ストーリーもうまくまとめられていたし、松山ケンイチの超絶的な演技力も楽しめた。だいたい、途中で出てきた遊園地が……原作では富士急ハイランドかどこかであったが、どう見ても「としまえん」。実際に見に行ったいつもの映画館(ユナイテッドシネマとしまえん)のすぐ横で撮影していたのかと驚かされた。

マンガ版との最大の違いは、「正体が(人によっては)バレている」ということ。母親にもバレていたし、ヒロインにもバレていた。やっぱり、実写的な現実的な世界観の中にDMC的な設定を落とし込んでみると、そうなるだろーきっと。

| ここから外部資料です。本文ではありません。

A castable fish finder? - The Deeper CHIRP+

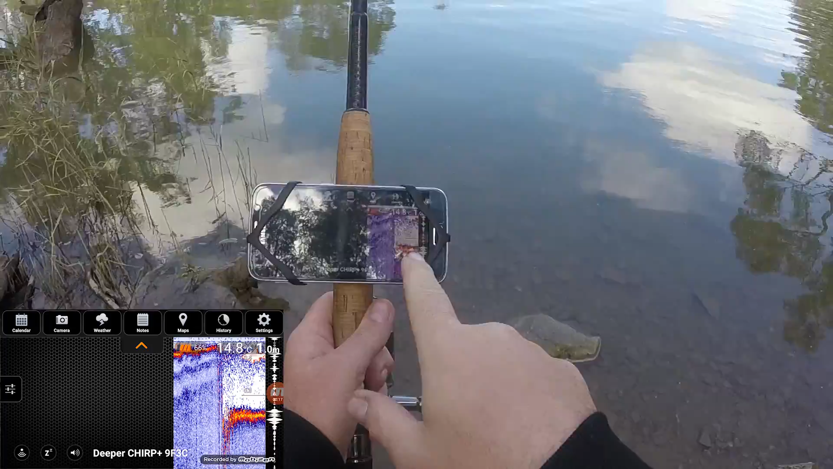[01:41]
You can see in the top right corner 14.6 degree water temperature. That's not too bad considering it's still winter. Now it's showing a readout of fish here at the top. I'm not sure if that's accurate or not. There may be a big carp sitting right there. It's quite possible but it's likely some bubbles suspended through the water. I'll go with a slightly larger cast now. Over to that side.
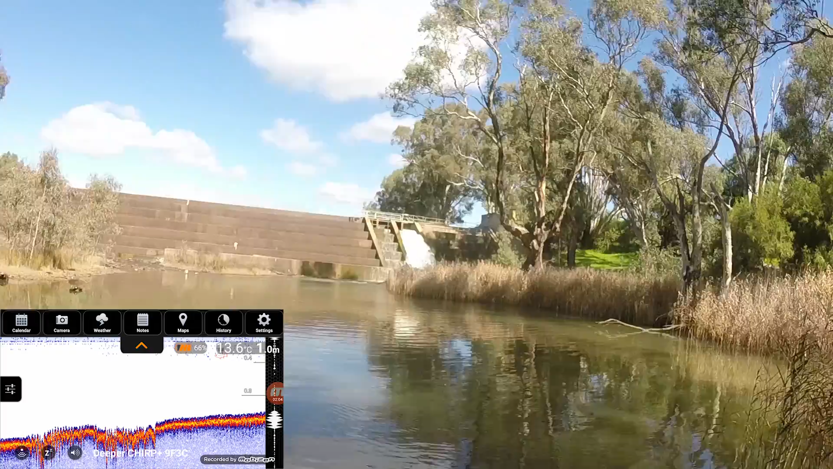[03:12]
It's giving a readout of a little fish up near the top there and some bubbles through the water which isn't too unexpected considering there's a waterfall right there. So now I'm going to cast over near the reeds way over there and see what that looks like. Straight in the middle. See we're getting a bit of depth now. 1.7, 1.6 meters. Still quite shallow. And I knew this spot was quite shallow because I have been swimming here. I haven't been over that side as much as I've been over that side.
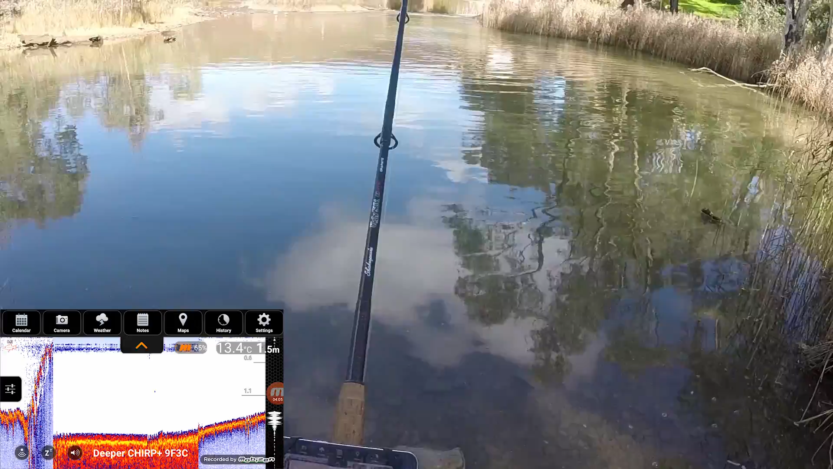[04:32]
On screen: depth 1.5 m, water 13.4°C
1.4. So at the moment that corner is looking like it's the deepest bit of water. Because I've walked across here and it's not that deep. I know that. No real structure to speak of. Alright let's have a cast over that direction. Right over there like that. And yep. 80 centimeters of water. Not much at all.
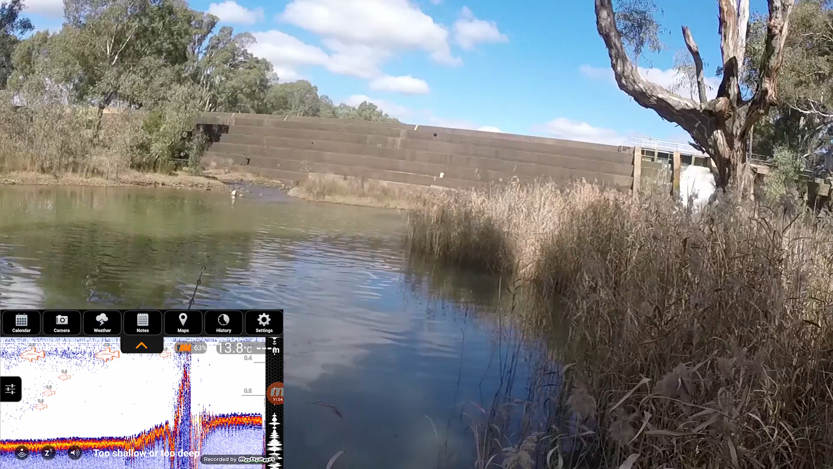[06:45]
Not too bad at all near the reeds. I'll bring that up and I'll get back over to that corner where we found the deep spot earlier. Right up against the reeds there. 1.3 meters of water where the unit's sitting over there near the reeds. So if I bring that back towards myself and past the reeds there. 1.5 meters. That's probably the hole I found before. 1.4. Wow that drops. Okay. So there's a big log sticking up in the water there. You can see that red coming up. I've just come across it.
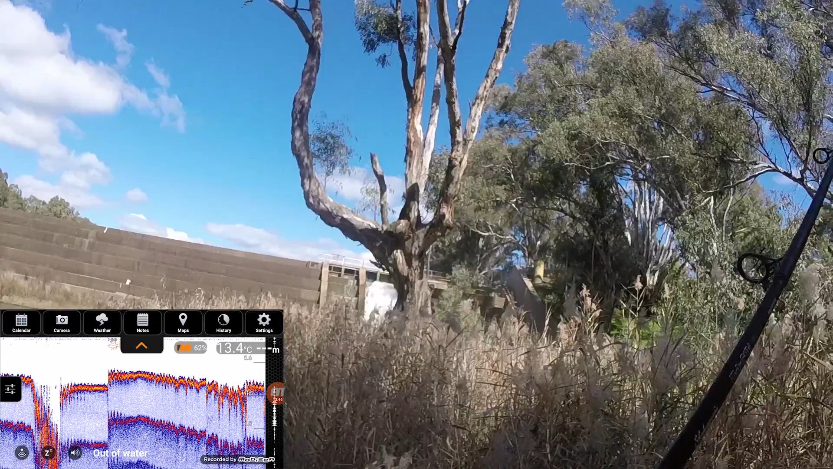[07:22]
On screen: water 13.4°C
So there's a nice bit of structure there as well in that hole. Which is lovely. Very good information to know. Let's go straight across here and bring it back this way and see what's in the middle there because I don't think I've read that yet. 1.4 meters of water right there. Now I'll walk in the current. It only comes up to my knees so there's very sharp drop off between the bubble line and where the unit's sitting. Again you can see fish notifications at the top there.
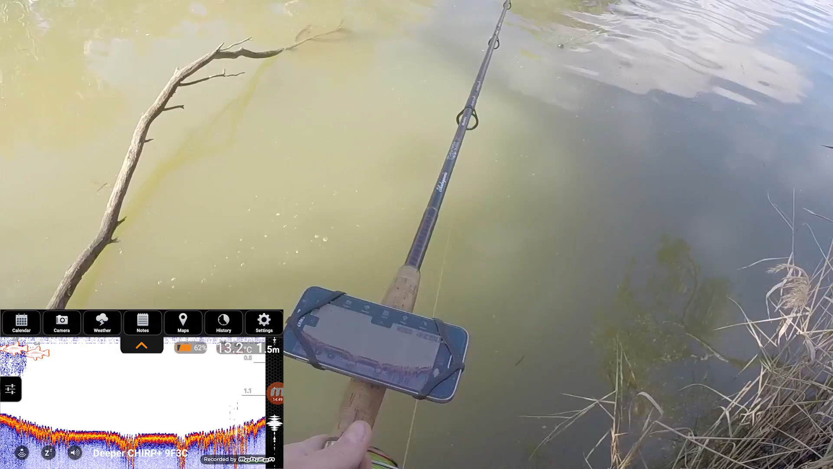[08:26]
5.1.4. So there's a nice hole here. From there to over there.
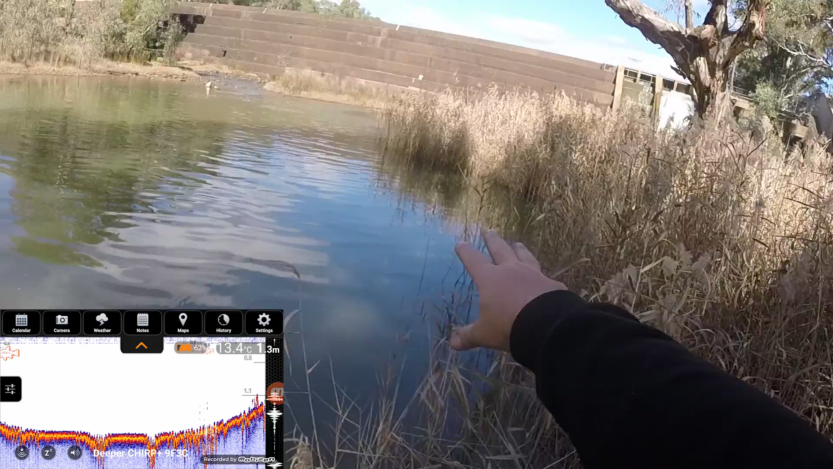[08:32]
On screen: depth 1.3 m, water 13.4°C
See it's about 1.5 to 1.9 meters. 1.7 and there's a log sticking up out of the water there. I'll just let it sit and read that. Bit of structure floating above the bottom of the airspace and you can see a fish notification there next to that log. That may or may not be a fish. It may be misreading part of the log or there could be a native down there sitting next to the log as they so much like to do.

ただし……なぜ、ラストシーンでヨハネクラウザー2世は(わざわざ)走らなければならなかったのか。タクシーに乗ればいいじゃないか。日の高いうちから東京駅からどこかまで夜になるまで走るというのは何事? という疑問を感じてしまったが、それ以外は非常に楽しめた。マンガやアニメを見ている人にでもおすすめできる作品。やっぱり、松山ケンイチはすごい役者だ……。


なんにしても、デトロイトメタルシティという作品の不気味なパワーの根源は、作者の青春に対する怨念のようなもの……モロに「恨み」であると言ってよいだろう。

 「僕がやりたかったのは、こんなバンドじゃない!」

という主人公・根岸の叫びは、それはそのまま……

 「僕が書きたかったのは、こんなマンガじゃない!」

という、作者の心の叫びでもあるのかもしれない。DMCの単行本が売れれば売れるほど、作者の「復讐」は成就されていくのかもしれない(それはそれで「ウラミハラサデオクベキカ」という恨みがたまっていくのかもしれないが)。

結局、その「恨み」パワーがどこまで続くか? というのがストーリーがどこまで続くか、という問いへの答えになるのだろう。